Las ciudades, la gente, la vegetación, todo resultó «arrasado» por el arma de los dioses. El calor y el fuego lo chamuscaron todo a su paso; la radiación afectó a las personas incluso en la distancia: la esposa de Lot, ignorando las advertencias de no detenerse y mirar atrás en su huida de Sodoma, se convirtió en un «pilar de vapor».* El «Mal» que Lot temía había caído sobre ella...

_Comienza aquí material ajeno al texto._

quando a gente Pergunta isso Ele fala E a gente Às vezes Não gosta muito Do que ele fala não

* La traducción tradicional y literal del término hebreo Netsiv melah ha sido «pilar de sal», y en la Edad Media se llegó a escribir mucho para explicar el proceso por el cual una persona se podía transformar en sal cristalina. Sin embargo, si -como creemos- la lengua madre de Abraham y Lot era el sumerio, y el acontecimiento se registró no en una lengua semita, sino en sumerio, entonces se nos plantea la posibilidad de una explicación completamente diferente y más plausible acerca de lo que le ocurrió a la mujer de Lot.
En un estudio presentado ante la American Oriental Society en 1918, y en el subsiguiente artículo de Beitráge zur Assyriologie, Paul Haupt demostró concluyentemente que el término sumerio NIMUR significaba tanto sal como vapor, debido al hecho de que las primitivas salinas de Sumer eran ciénagas cercanas al Golfo Pérsico. El narrador hebreo bíblico malinterpretó probablemente el término sumerio debido a que el Mar Muerto recibe el nombre en hebreo de El Mar de Sal, y escribió «pilar de sal» cuando, de hecho, la mujer de Lot se convirtió en un «pilar de vapor».

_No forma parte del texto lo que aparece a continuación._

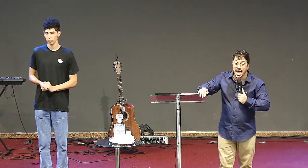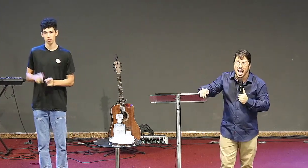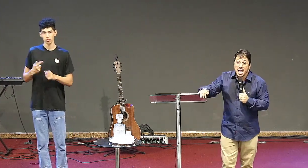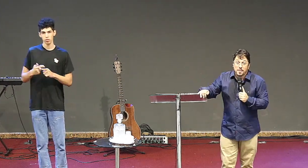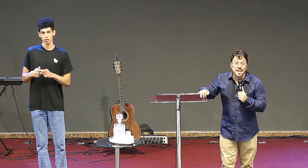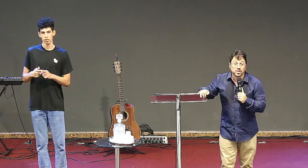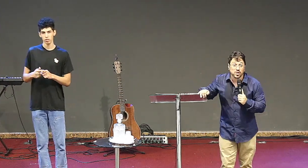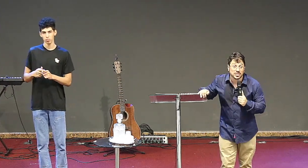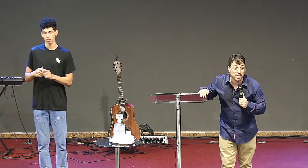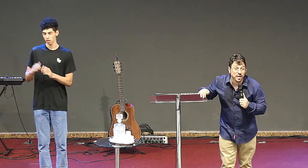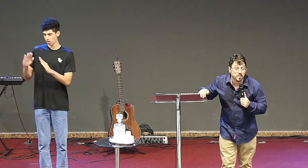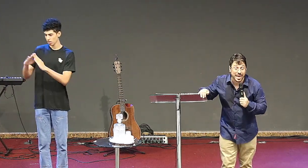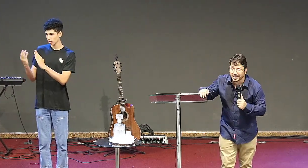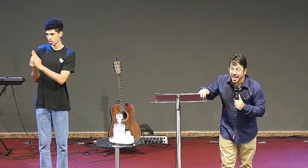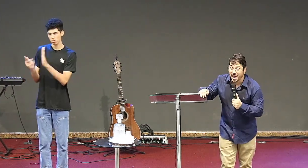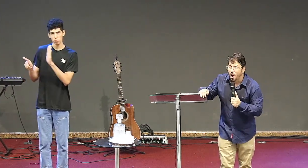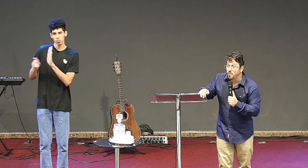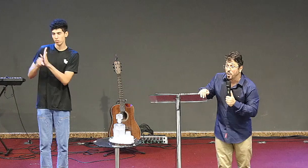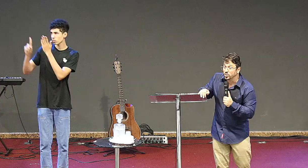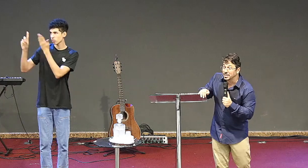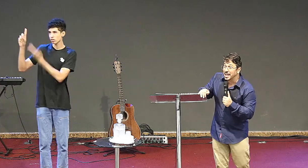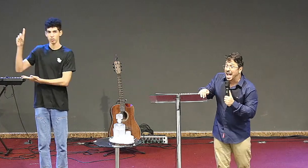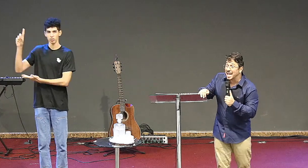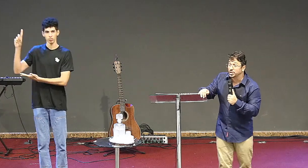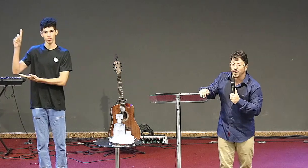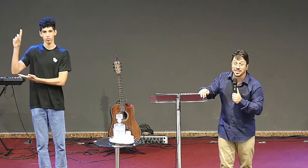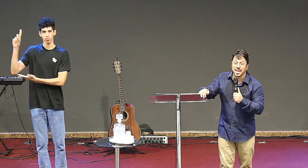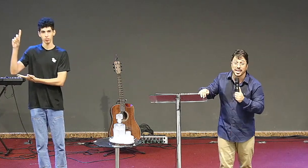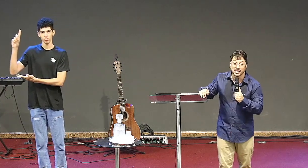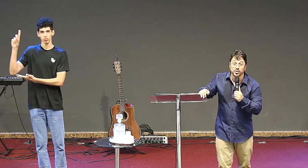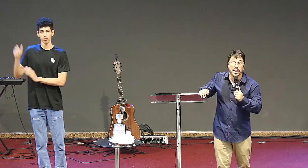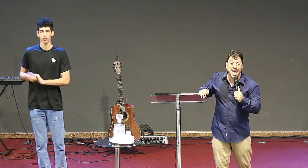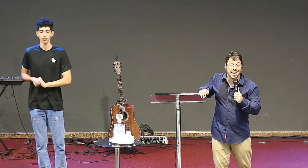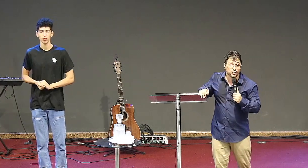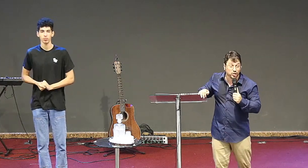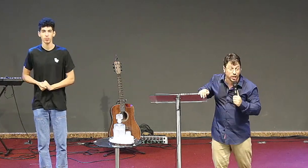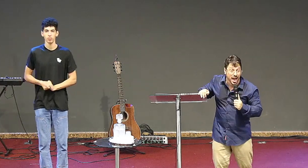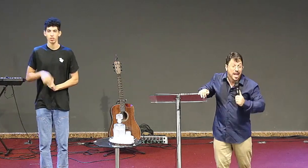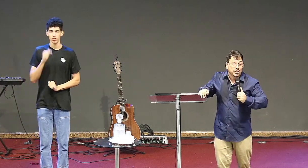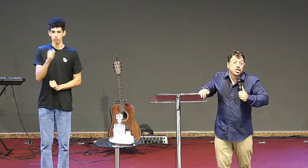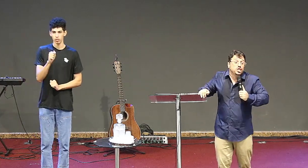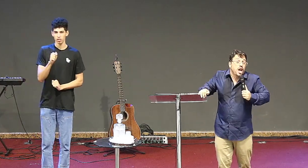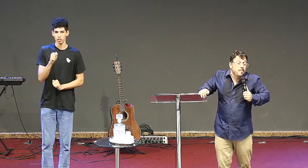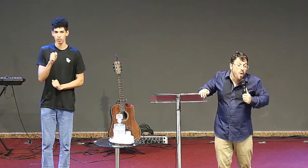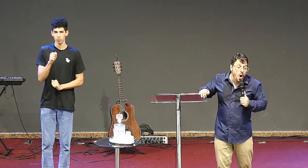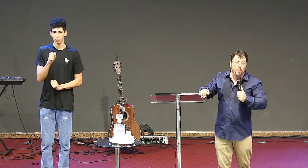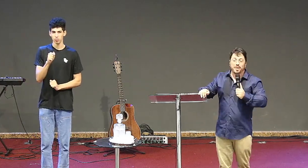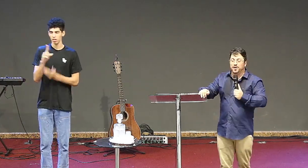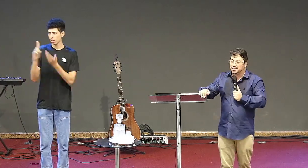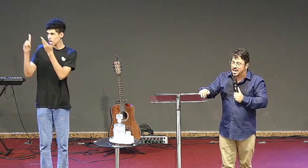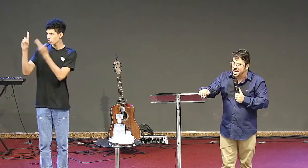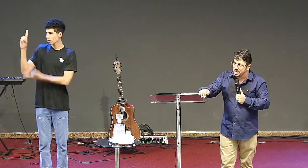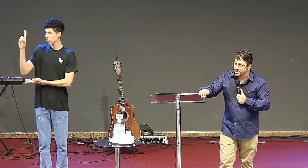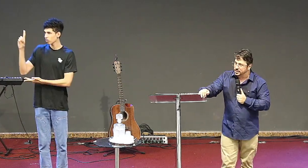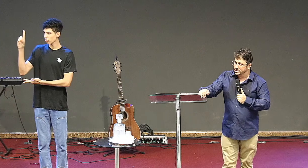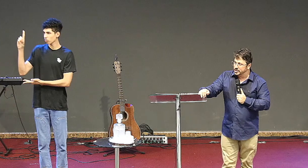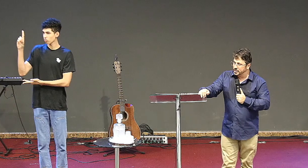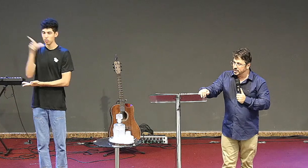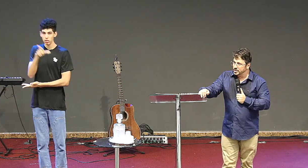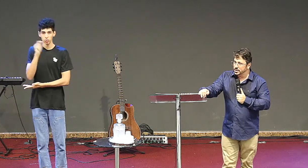cuidar mas você vai perder a oportunidade de fazer aquilo que ele um dia te chamou para fazer

En relación con esto, conviene hacer notar que, en los textos ugaríticos, como por ejemplo en el relato cananeo de Aqhat (con sus muchas similitudes con el relato de Abraham), se describe la muerte de un ser humano a manos de un dios como el «escape de su alma como vapor, como humo por las ventanas de la nariz».

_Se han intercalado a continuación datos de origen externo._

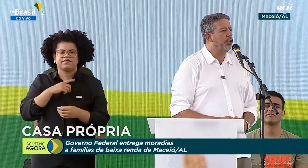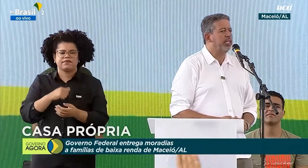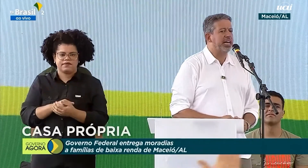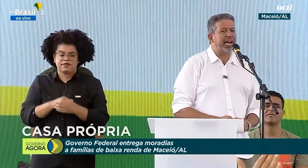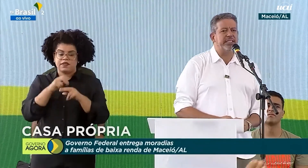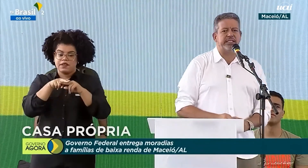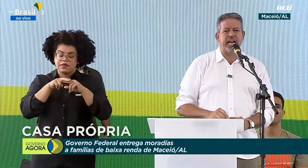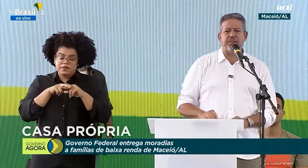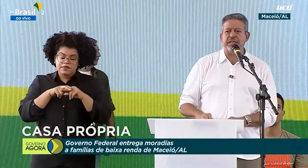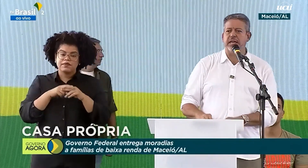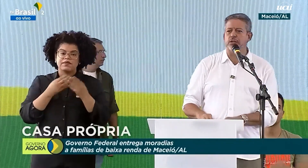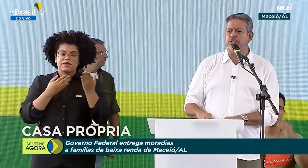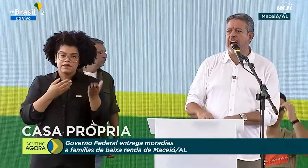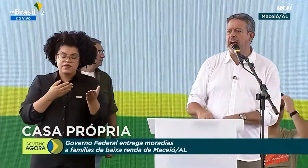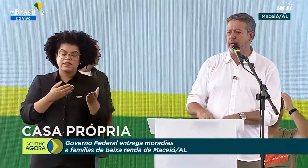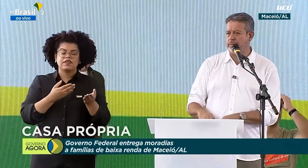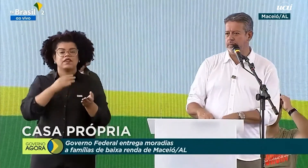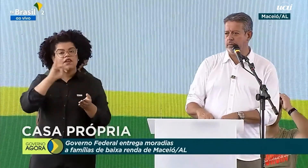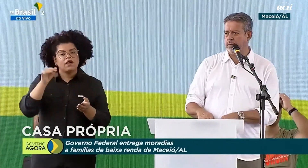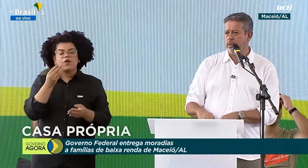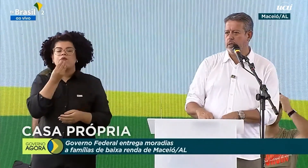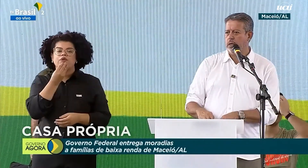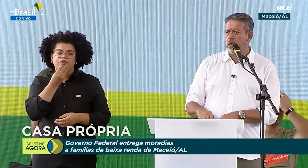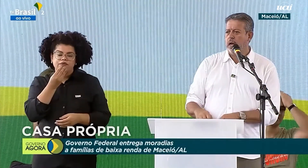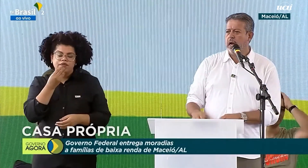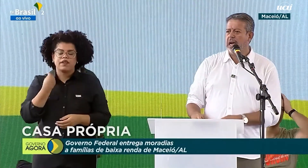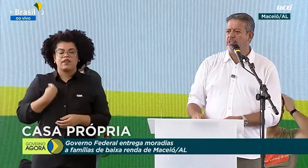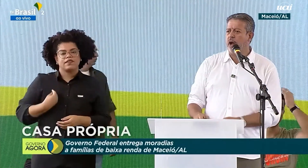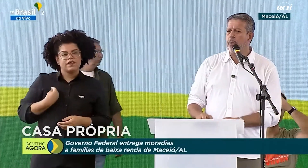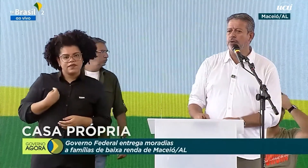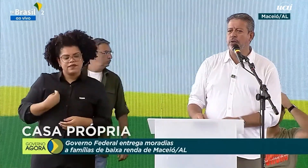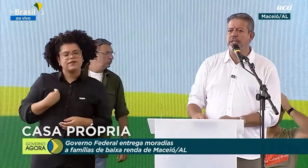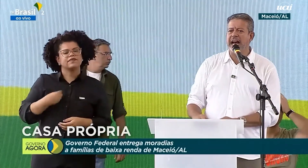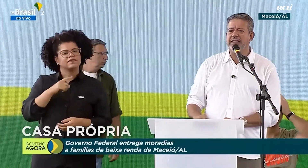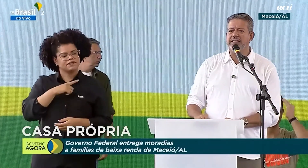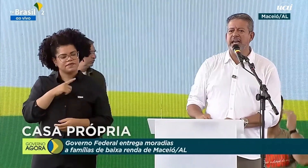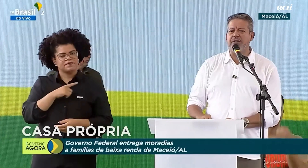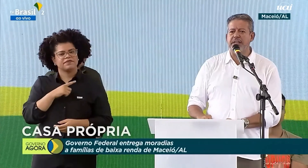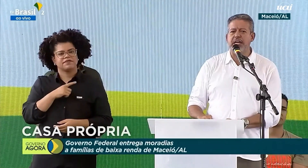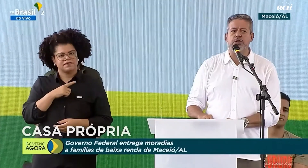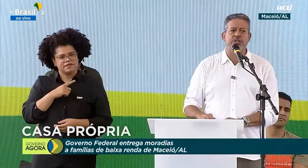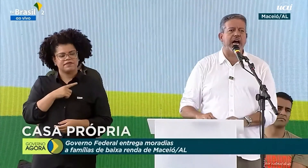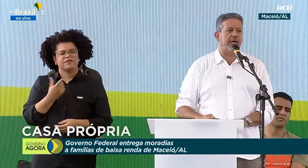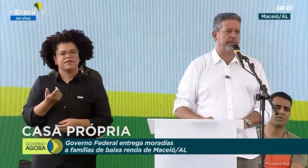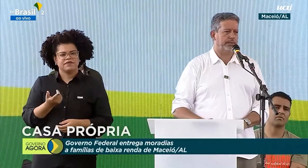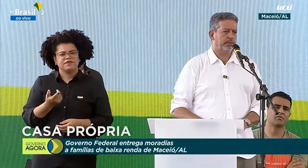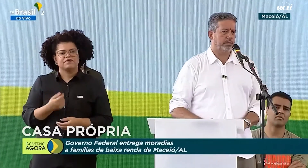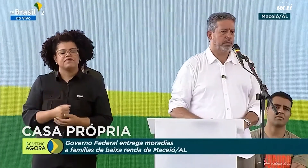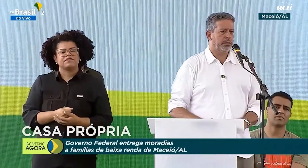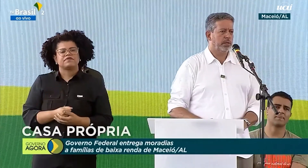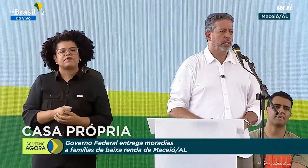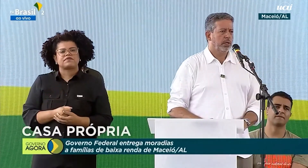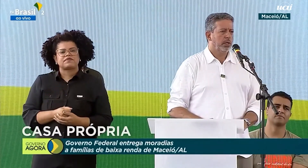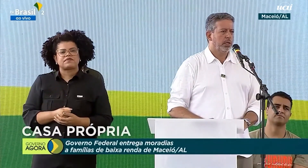As oportunidades que a vida nos dá, as oportunidades que a vida nos dá,

Y, de hecho, en la Epopeya de Erra, que según creemos es el registro sumerio de una destrucción nuclear, se describe la muerte de las personas a manos del dios así:
Haré desvanecerse a las personas,
sus almas se convertirán en vapor.
La desgracia de la mujer de Lot fue la de encontrarse entre aquéllos que se «convirtieron en vapor».
Una a una, las ciudades «que indignaron al Señor» fueron arrasadas, y en cada ocasión, se le permitió escapar a Lot:
Pues cuando los dioses devastaron las ciudades de la llanura,
los dioses se acordaron de Abraham,
y enviaron a Lot lejos de las ciudades de la devastación.
Y, tal como se le había dicho, Lot fue «a vivir a la montaña... y moró en una cueva, él y sus dos hijas con él».